The methodology involved training models systematically across different scales and measuring performance carefully. The researchers used transformer architectures similar to GPT-2, varying the number of layers, the width of layers, and the size of the training dataset. By controlling for different factors and measuring test loss across all configurations, they could isolate how each factor contributed to performance improvements. This systematic approach enabled them to discover the power-law relationships that governed scaling.
The researchers also investigated how these scaling laws applied to downstream tasks, not just language modeling loss. They found that improvements in language modeling loss translated predictably to improvements on downstream tasks like question answering, reading comprehension, and other NLP benchmarks. This finding suggested that the scaling laws captured fundamental properties of how language models learn, not just properties of the language modeling objective itself. The predictable relationship between pretraining loss and downstream task performance made the scaling laws broadly applicable.

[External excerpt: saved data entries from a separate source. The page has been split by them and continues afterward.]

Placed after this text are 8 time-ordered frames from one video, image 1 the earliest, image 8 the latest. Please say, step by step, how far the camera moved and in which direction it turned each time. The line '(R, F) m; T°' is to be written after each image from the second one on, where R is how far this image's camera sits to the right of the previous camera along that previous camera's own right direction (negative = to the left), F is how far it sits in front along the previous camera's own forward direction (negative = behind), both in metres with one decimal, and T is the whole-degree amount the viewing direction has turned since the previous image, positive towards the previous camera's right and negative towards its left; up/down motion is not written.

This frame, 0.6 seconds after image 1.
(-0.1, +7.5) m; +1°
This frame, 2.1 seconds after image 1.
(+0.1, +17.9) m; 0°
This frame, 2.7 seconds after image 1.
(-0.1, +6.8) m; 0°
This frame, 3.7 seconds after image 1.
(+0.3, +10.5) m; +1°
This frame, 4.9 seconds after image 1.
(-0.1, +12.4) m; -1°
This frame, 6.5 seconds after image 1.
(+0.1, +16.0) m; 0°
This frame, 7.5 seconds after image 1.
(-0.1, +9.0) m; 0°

The solution provided concrete mathematical tools for planning and predicting model development. Researchers could now calculate approximately how many parameters and how much training data would be needed to reach a target loss, or predict how much better a model would perform if given additional resources. These predictions enabled more efficient resource allocation and reduced uncertainty in model development planning. The scaling laws transformed model development from relying on intuition and guesswork to using principled mathematical predictions.
Applications and Impact
The scaling laws had immediate practical impact on how researchers and organizations approached large language model development. The ability to predict performance from scale alone enabled more efficient planning and resource allocation. Research teams could calculate optimal configurations before training began, reducing wasted computational resources and enabling more strategic decision-making about model development. This predictive capability was particularly valuable given the enormous costs of training large models.

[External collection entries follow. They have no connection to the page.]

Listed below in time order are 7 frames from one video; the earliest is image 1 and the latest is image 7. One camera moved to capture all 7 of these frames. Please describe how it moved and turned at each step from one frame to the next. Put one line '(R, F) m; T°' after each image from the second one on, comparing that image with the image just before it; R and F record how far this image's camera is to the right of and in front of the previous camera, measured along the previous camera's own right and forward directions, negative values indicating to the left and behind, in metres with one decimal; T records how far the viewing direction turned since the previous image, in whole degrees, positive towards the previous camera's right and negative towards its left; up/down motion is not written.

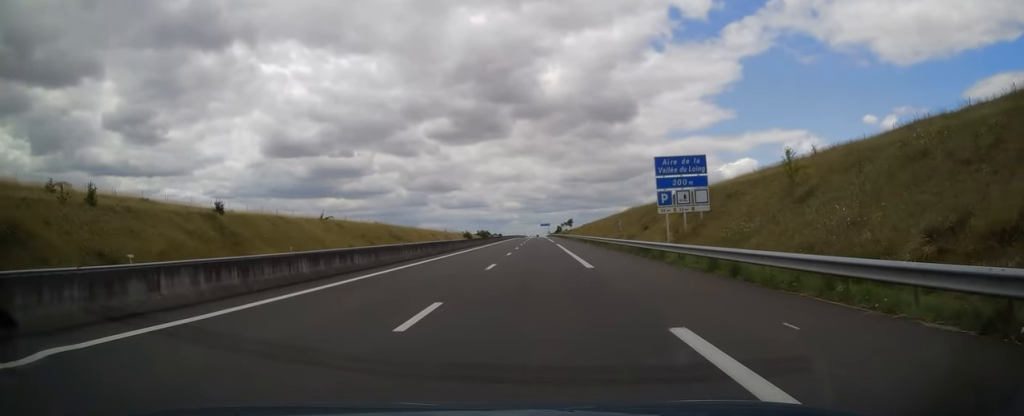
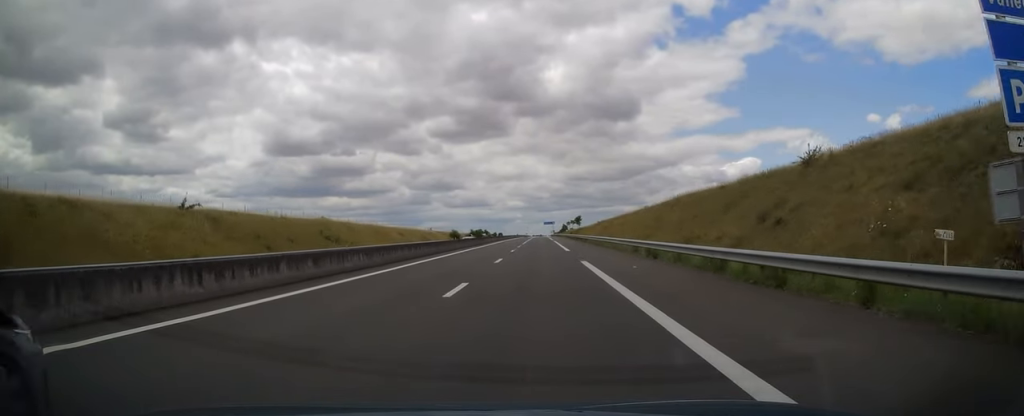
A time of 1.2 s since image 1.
(0.0, +36.4) m; 0°
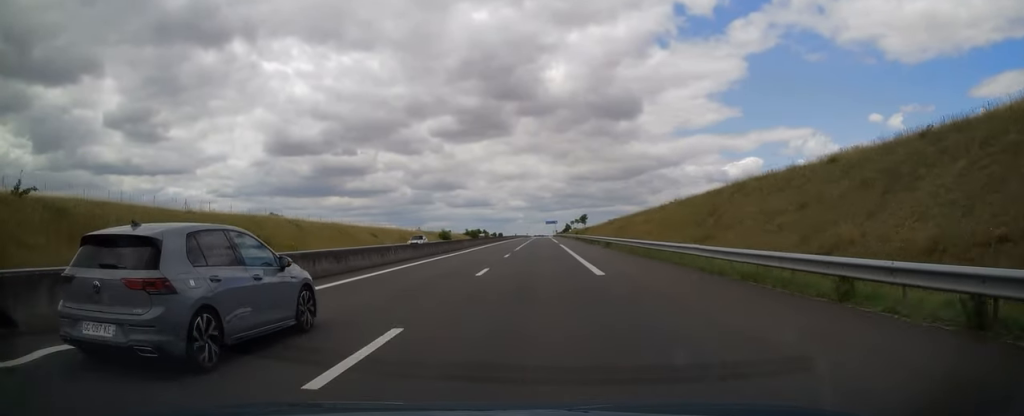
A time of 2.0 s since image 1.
(0.0, +20.9) m; 0°
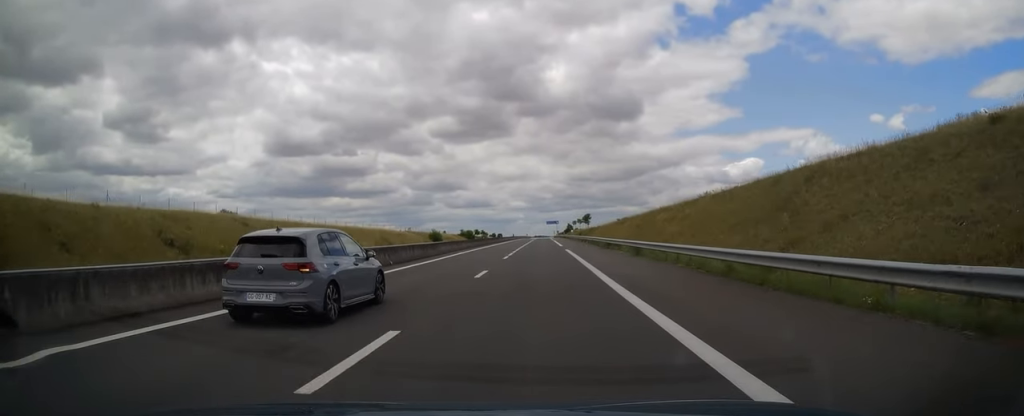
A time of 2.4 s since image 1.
(+0.1, +13.6) m; 0°
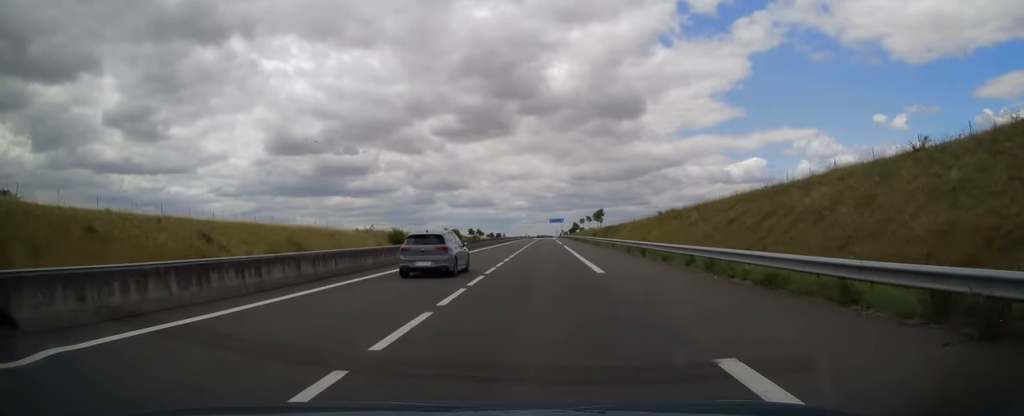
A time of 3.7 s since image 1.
(-0.3, +37.0) m; 0°
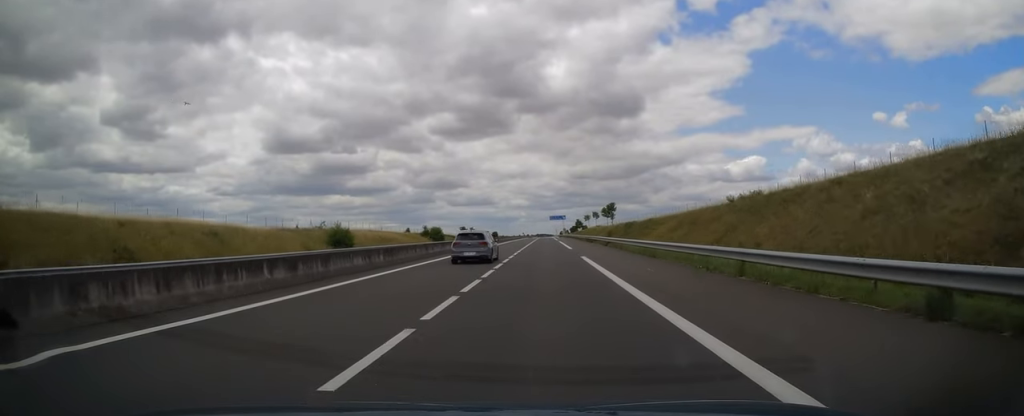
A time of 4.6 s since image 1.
(+0.1, +27.7) m; 0°
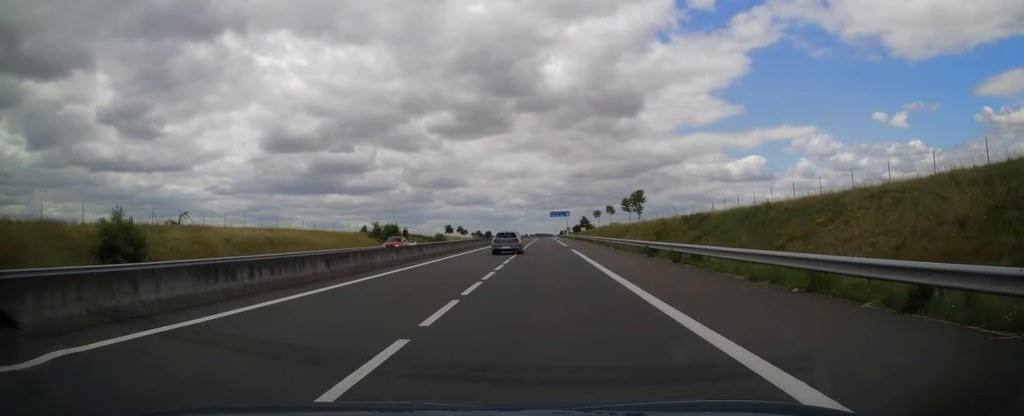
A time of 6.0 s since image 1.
(0.0, +39.4) m; +1°

The scaling laws directly influenced the development of GPT-3, which was trained concurrently with the scaling laws research. Understanding how performance would scale with model size and training data enabled OpenAI to make informed decisions about GPT-3's scale. The laws suggested that scaling to 175 billion parameters would provide substantial improvements over GPT-2, and these predictions were validated by GPT-3's performance. The scaling laws research helped justify the massive investment required for GPT-3 and provided confidence that the model would achieve its target capabilities.
Beyond GPT-3, the scaling laws became a fundamental tool for planning model development across the field. Researchers at other organizations used the laws to estimate resource requirements for their own models, plan training configurations, and make strategic decisions about where to invest computational resources. The laws enabled more efficient resource allocation by helping teams identify configurations that would achieve target performance levels without unnecessary overspending on model size or training data.
The scaling laws also influenced how researchers thought about the future of language model development. The power-law relationships suggested that performance would continue to improve smoothly with increased scale, at least within the ranges investigated. This finding supported the scaling hypothesis that increasing model size, training data, and compute would continue to unlock new capabilities. The laws provided mathematical justification for continued investment in larger models and larger training datasets, influencing research directions across the field.
The practical impact extended to cost estimation and budgeting. Organizations planning large training runs could now estimate computational costs more accurately by understanding how performance scaled with compute. The laws enabled teams to calculate approximate compute requirements for target performance levels, helping with budget planning and resource allocation decisions. This capability was crucial for organizations making significant investments in large language model training.
The scaling laws also raised important questions that drove subsequent research. While the laws showed how performance improved with scale, they did not explicitly address the optimal balance between model size and training data for a fixed computational budget. This question would be addressed by Chinchilla scaling laws research in 2022, which refined understanding of compute-optimal training configurations. The 2020 scaling laws established the foundation for this subsequent work.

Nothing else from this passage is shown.